Открытие в Мюнхене альтернативного вагнеровского театра было не единственным огорчением Вагнеров в первые годы нового столетия. Еще одним ударом, постигшим байройтское семейство, стало открытие без его ведома и согласия памятника Рихарду Вагнеру в Берлине, приуроченное к юбилеям композитора: в 1903 году отмечали девяностолетие со дня его рождения и двадцатую годовщину смерти. Мероприятие оказалось особенно болезненным для вдовы Мастера, поскольку, как ей стало известно, оно планировалось в тайне от байройтского семейства с 1898 года. Его инициатором стал быстро разбогатевший предприниматель и профессиональный певец Людвиг Лейхнер. Он родился в 1836 году в Майнце, получил образование в Вене и выступал в оперных театрах Кёльна, Кёнигсберга, Магдебурга, Вюрцбурга и Штеттина. Искусство Лейхнера знал и ценил сам Рихард Вагнер, восхищавшийся, в частности, его трактовкой образа Ганса Сакса. Разбогател же этот баритон, одновременно изучавший фармацевтику в берлинском Университете Фридриха-Вильгельма, благодаря изобретению не содержащего свинца косметического тонального крема, производством которого он занимался с первой половины семидесятых годов на собственной парфюмерной фабрике. Сочетание художественных наклонностей и успешной предпринимательской деятельности сделало из него видного мецената. Выдвинув идею установки памятника Вагнеру, Лейхнер возглавил оргкомитет по проведению этого торжественного мероприятия, в который включил своих наиболее видных единомышленников. В числе энтузиастов оказался и император Вильгельм II, не только одобривший эту идею, но и предложивший собственные эскизы и поправки к проекту памятника, разработанному известным скульптором Густавом Эберлейном. Самым же обидным для Козимы и Зигфрида стало то, что в оргкомитет по приглашению его председателя согласились вступить Ганс Рихтер и Феликс Мотль, которые до тех пор считались верными вассалами Байройта.

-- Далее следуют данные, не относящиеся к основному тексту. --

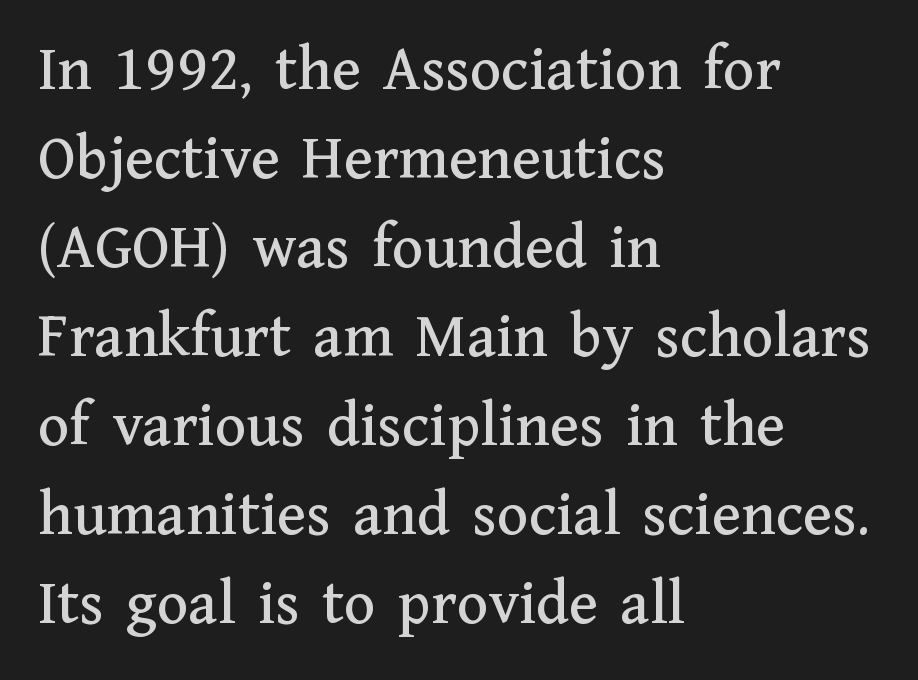
Q: Is the text italic (slanted)? A: No, it is upright.
Q: Is the typeface a serif or a sans-serif typeface? A: Serif.
Q: Is the text underlined? A: No.
Q: How is the paragraph aligned? A: Left-aligned.
Q: Is the spacing between letters normal or unusually wide? A: Normal.
Q: Is the spacing between lines tight, normal or loose? A: Normal.
Q: Width (condensed, normal, or wide)? A: Normal.
Q: Stroke contrast? A: Medium.
Q: x-height? A: Medium.
Q: Monospaced? A: No.
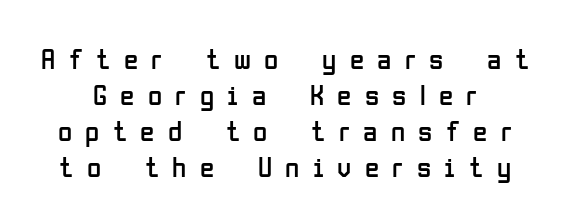
Q: Is the text bold? A: No.
Q: Is the text italic (slanted)? A: No, it is upright.
Q: Is the typeface a serif or a sans-serif typeface? A: Sans-serif.
Q: Is the text underlined? A: No.
Q: Is the spacing between letters normal or unusually wide? A: Unusually wide.
Q: Width (condensed, normal, or wide)? A: Condensed.
Q: Stroke contrast? A: Low.
Q: x-height? A: Medium.
Q: Monospaced? A: No.
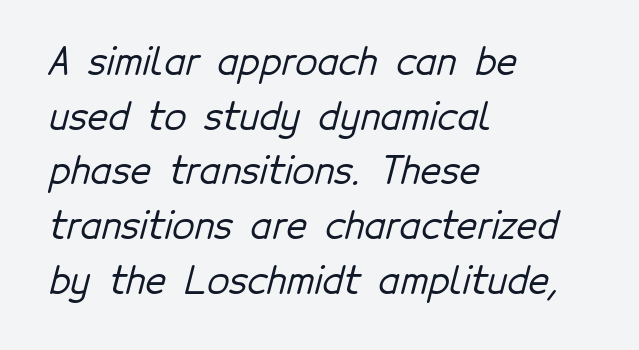
The image shows 36 px sans-serif type; set left-aligned, normal line spacing (1.52x), normal letter spacing, not underlined; low stroke contrast and a medium x-height.
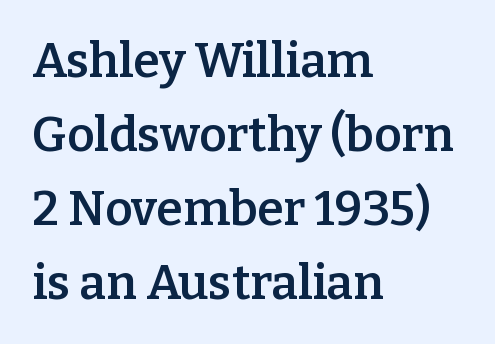
{"serif": "yes", "italic": "no", "bold": "semi", "weight": "semibold", "width": "normal", "stroke_contrast": "low", "x_height": "medium", "monospaced": "no", "underline": "no", "align": "left", "line_spacing": "normal", "line_spacing_ratio": 1.54, "letter_spacing": "normal", "letter_spacing_em": 0.0, "glyph_px": 48}
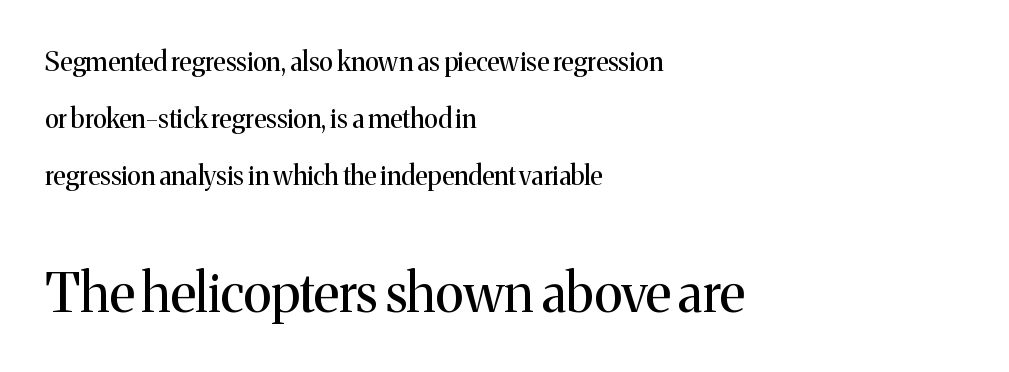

Торжество начали планировать с конца 1902 года, а открытие, где предполагалось присутствие императорской семьи, высшей аристократии и знаменитостей со всей Германии и из-за рубежа, назначили на 1 октября 1903-го. К этому событию приурочили четырехдневные празднества, в рамках которых планировалось провести несколько исторических концертов. Кроме того, в здании рейхстага должны были дать гала-концерт, для которого композитору и дирижеру Фрицу Фольбаху заказали торжественную кантату для хора и духового оркестра. Для берлинской знати был запланирован большой банкет в известном увеселительном комплексе Винтергартен, а для академической публики – музыковедческий конгресс.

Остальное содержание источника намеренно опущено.